MATERIAL SUPPLIED: Begin

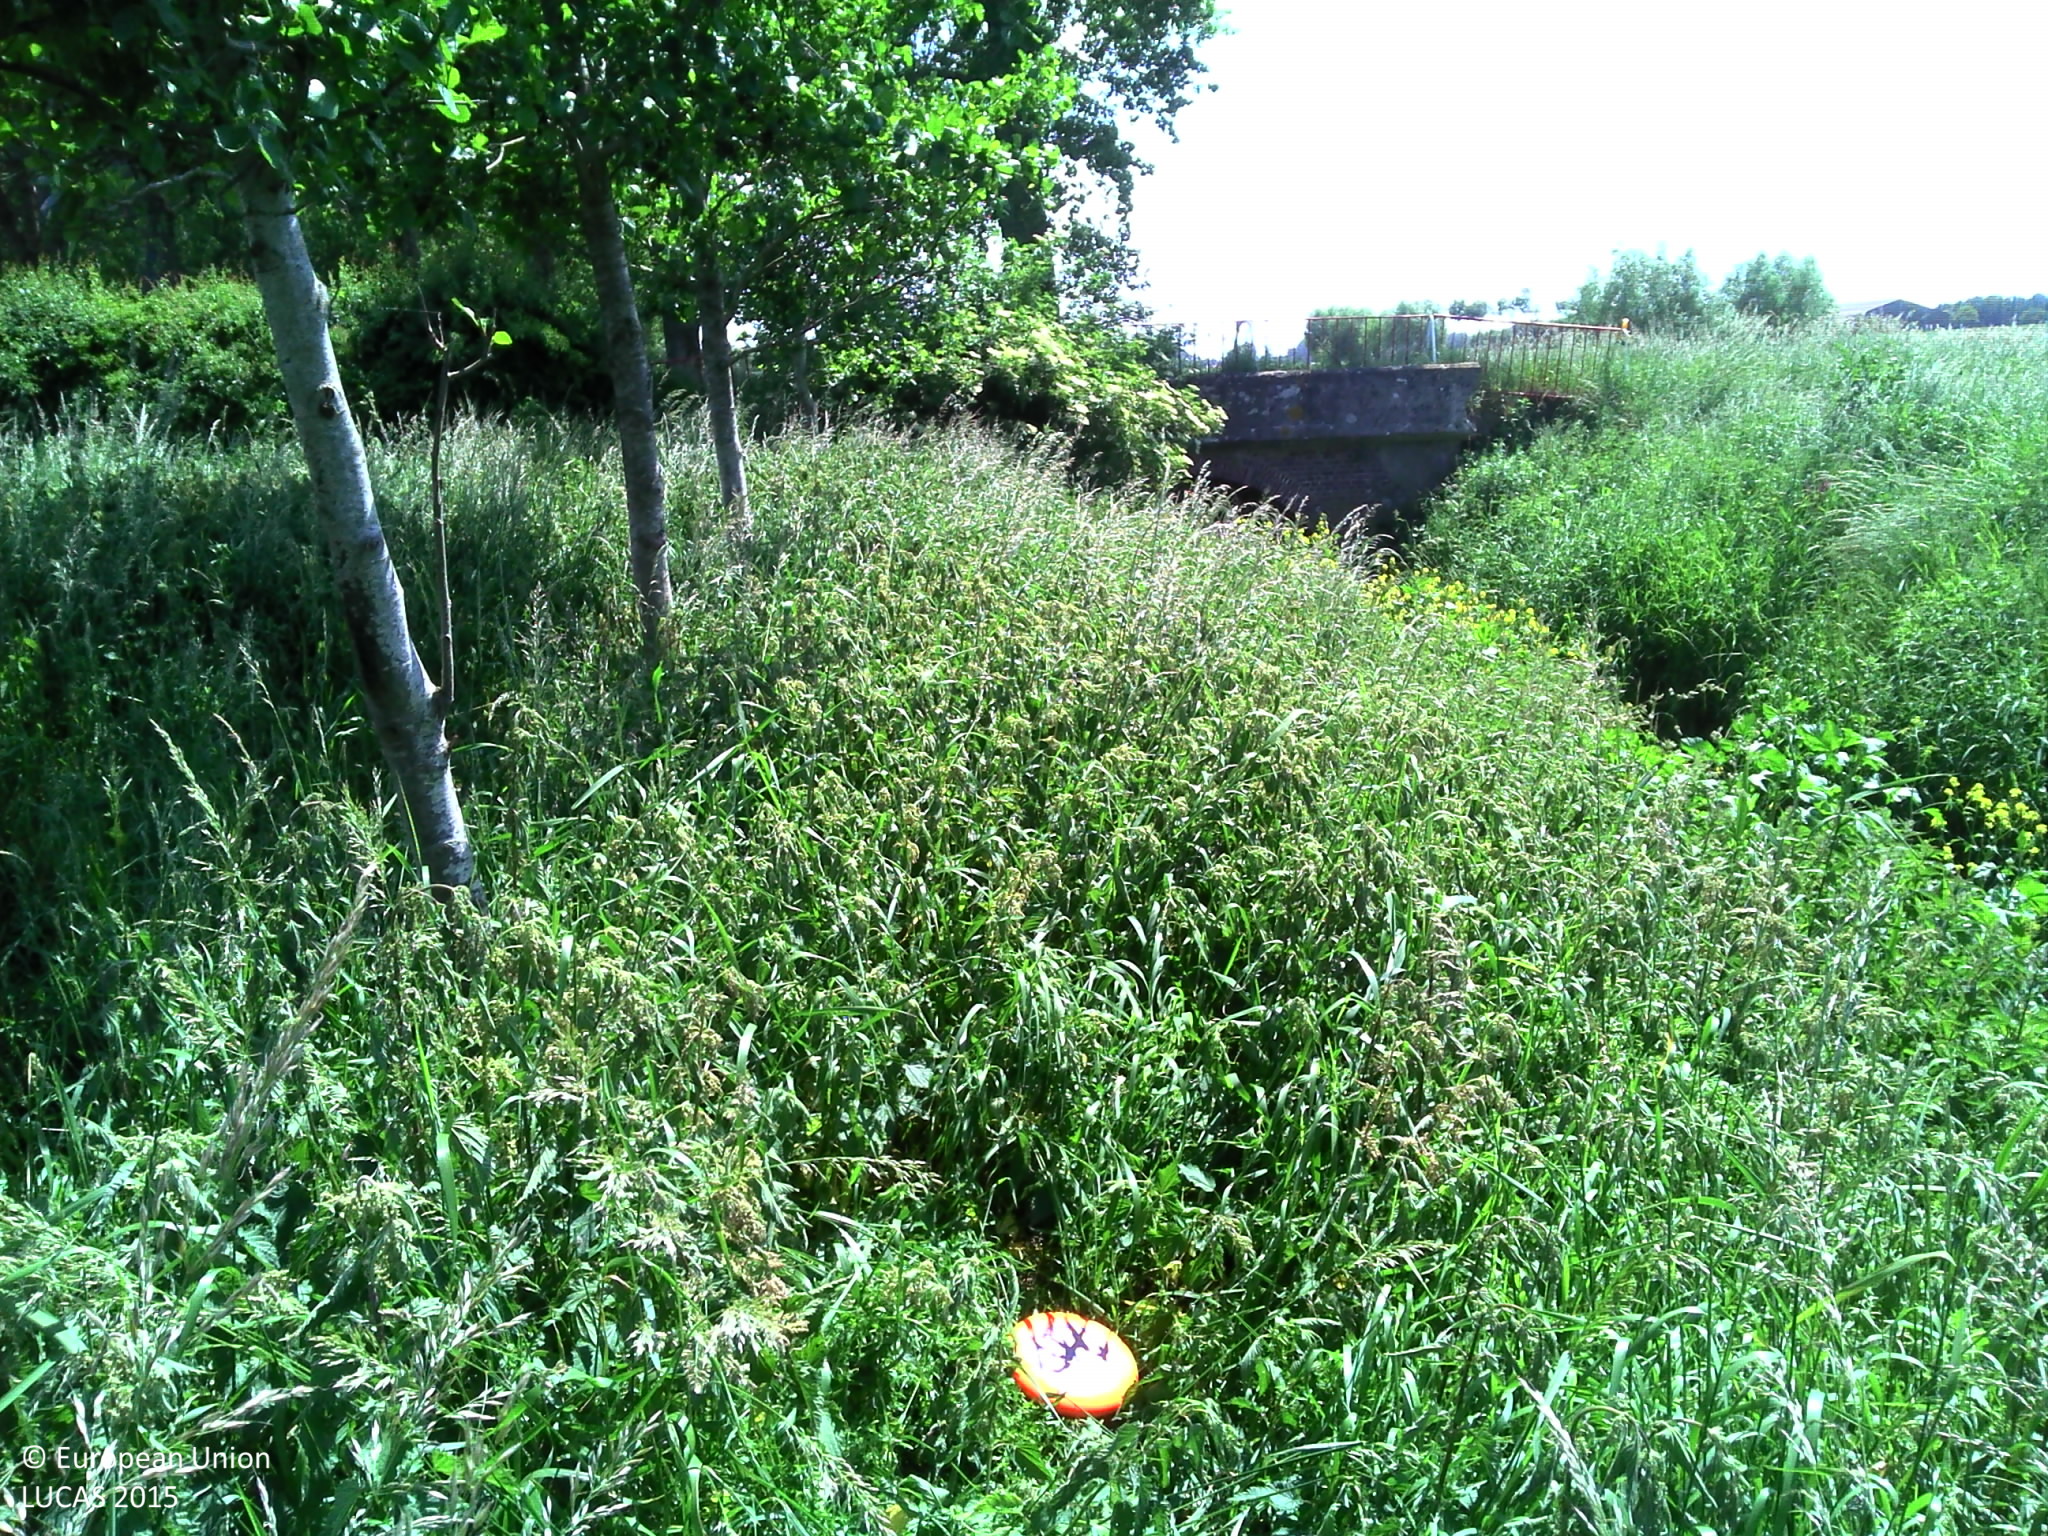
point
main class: Grassland
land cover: Spontaneously vegetated surfaces
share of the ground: > 75 %
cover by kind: herbaceous plants 100 %
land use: Semi-natural and natural areas not in use
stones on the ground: < 10 %
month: June
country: BE
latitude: 50.8779
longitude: 2.8117

MATERIAL SUPPLIED: End

# EXERCISE
Would you copy each line above exactly as given, dropping any images?

# WRITTEN ANSWER
point
main class: Grassland
land cover: Spontaneously vegetated surfaces
share of the ground: > 75 %
cover by kind: herbaceous plants 100 %
land use: Semi-natural and natural areas not in use
stones on the ground: < 10 %
month: June
country: BE
latitude: 50.8779
longitude: 2.8117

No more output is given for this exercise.